Question

The molar heat of fusion for water is $6.01kJ{\text{ }}mo{l^{ - 1}}$. How much energy is released when $36.8g$ of water freezes at its freezing point?

Answer 1

Hint: As we know that the heat of fusion changes enthalpy take place when one mole of solid is converted into liquid at its melting point. It tells us about how much heat is removed to freeze one mole of any substance at its freezing point.

Complete step-by-step answer:
As we are given that the heat of fusion of water is $6.01kJ{\text{ }}mo{l^{ - 1}}$ and we are also given the condition that energy is released when water freezes. We know that enthalpy of fusion is basically the change in the state of a matter like a solid is converted to its liquid form or a liquid is converted into vapour form.

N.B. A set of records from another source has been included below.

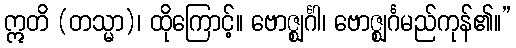
ဣတိ (တသ္မာ)၊ ထိုကြောင့်။ ဗောဇ္ဈင်္ဂါ၊ ဗောဇ္ဈင်္ဂမည်ကုန်၏။”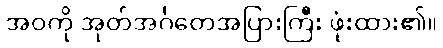
အဝကို အုတ်အင်္ဂတေအပြားကြီး ဖုံးထား၏။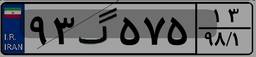
۹۳گ۵۷۵۱۳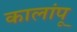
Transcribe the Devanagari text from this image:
कालांपू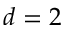
d = 2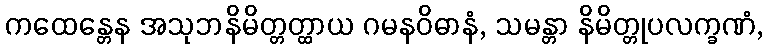
ကထေန္တေန အသုဘနိမိတ္တတ္ထာယ ဂမနဝိဓာနံ, သမန္တာ နိမိတ္တုပလက္ခဏံ,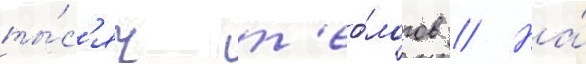
ты́с'яч т'ео́логов // На́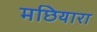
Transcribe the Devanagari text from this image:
मछियारा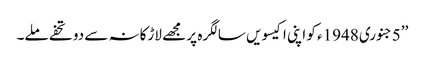
’’5جنوری 1948ء کو اپنی اکیسویں سالگرہ پر مجھے لاڑکانہ سے دو تحفے ملے۔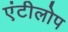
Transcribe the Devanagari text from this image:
एंटीलोप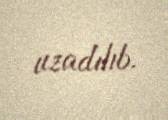
uzadılıb.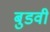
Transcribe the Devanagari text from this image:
बुडवी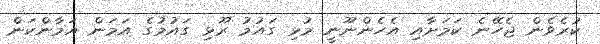
ކުރެވެން ޖެހޭނެ ކަމަށާއި އެހެންނޫނީ މުޅި ގައުމު ރޫޅި ގައުމުގެ އަމަން އަމާންކަން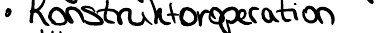
Konstruktoroperation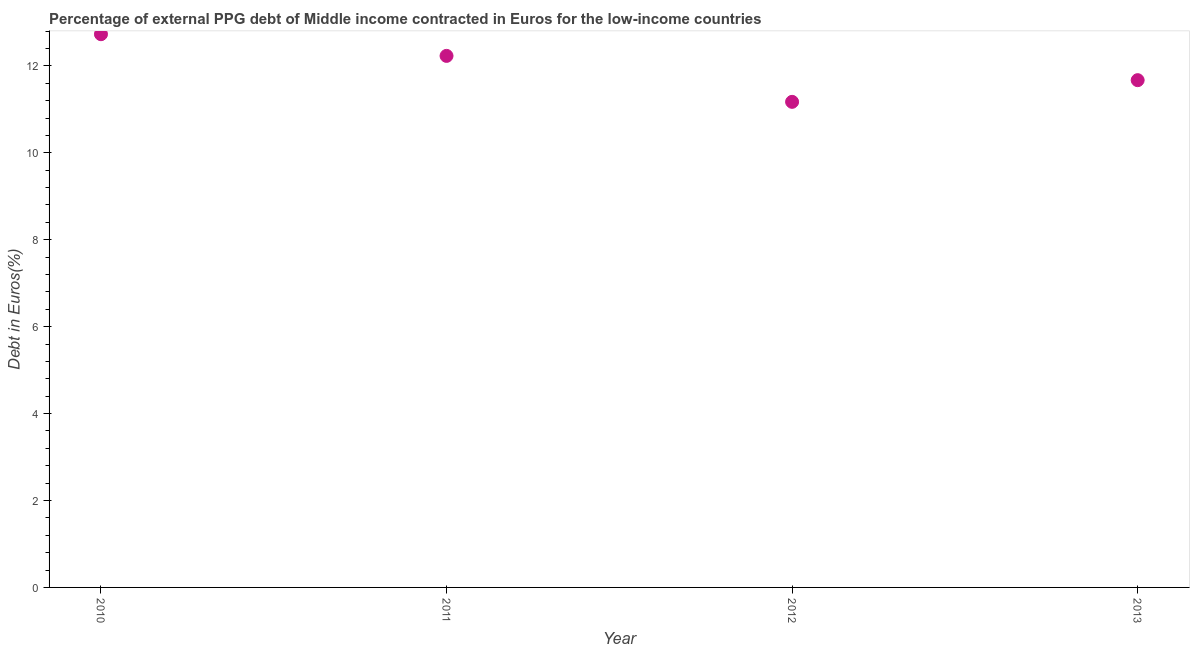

So, the heat of fusion released while freezing would be given as:
$\Delta {H_{fusion}} = - 6.01kJ{\text{ }}mo{l^{ - 1}}$
Now, we are given that $36.8g$ of water freezes and we also know that molecular mass of water is $18g$. So we will calculate the number of moles using these two quantities and we will get:
$moles = \dfrac{{mass}}{{molecular{\text{ }}mass}}$
$moles = \dfrac{{36.8}}{{18}} = 2.043mol$

Now we know that the heat is related to the molar heat of fusion by the below given relation:
$q = n\Delta H$
Where, $n$ is the number of moles of the given substance, $q$ is the amount of heat energy released or absorbed and $\Delta H$ is the heat or enthalpy of fusion.
After putting all the given and calculated values in the above formula we will get:
$q = 2.043 \times ( - 6.01)$
$q = - 12.3kJ$

Therefore, from the above explanation we can say the correct answer is $ - 12.3kJ$ of energy is released.

Note: Always remember that the negative sign symbolises the heat energy released in the course of a reaction and if there is positive sign before the amount of energy then it symbolises the energy absorbed during the reaction.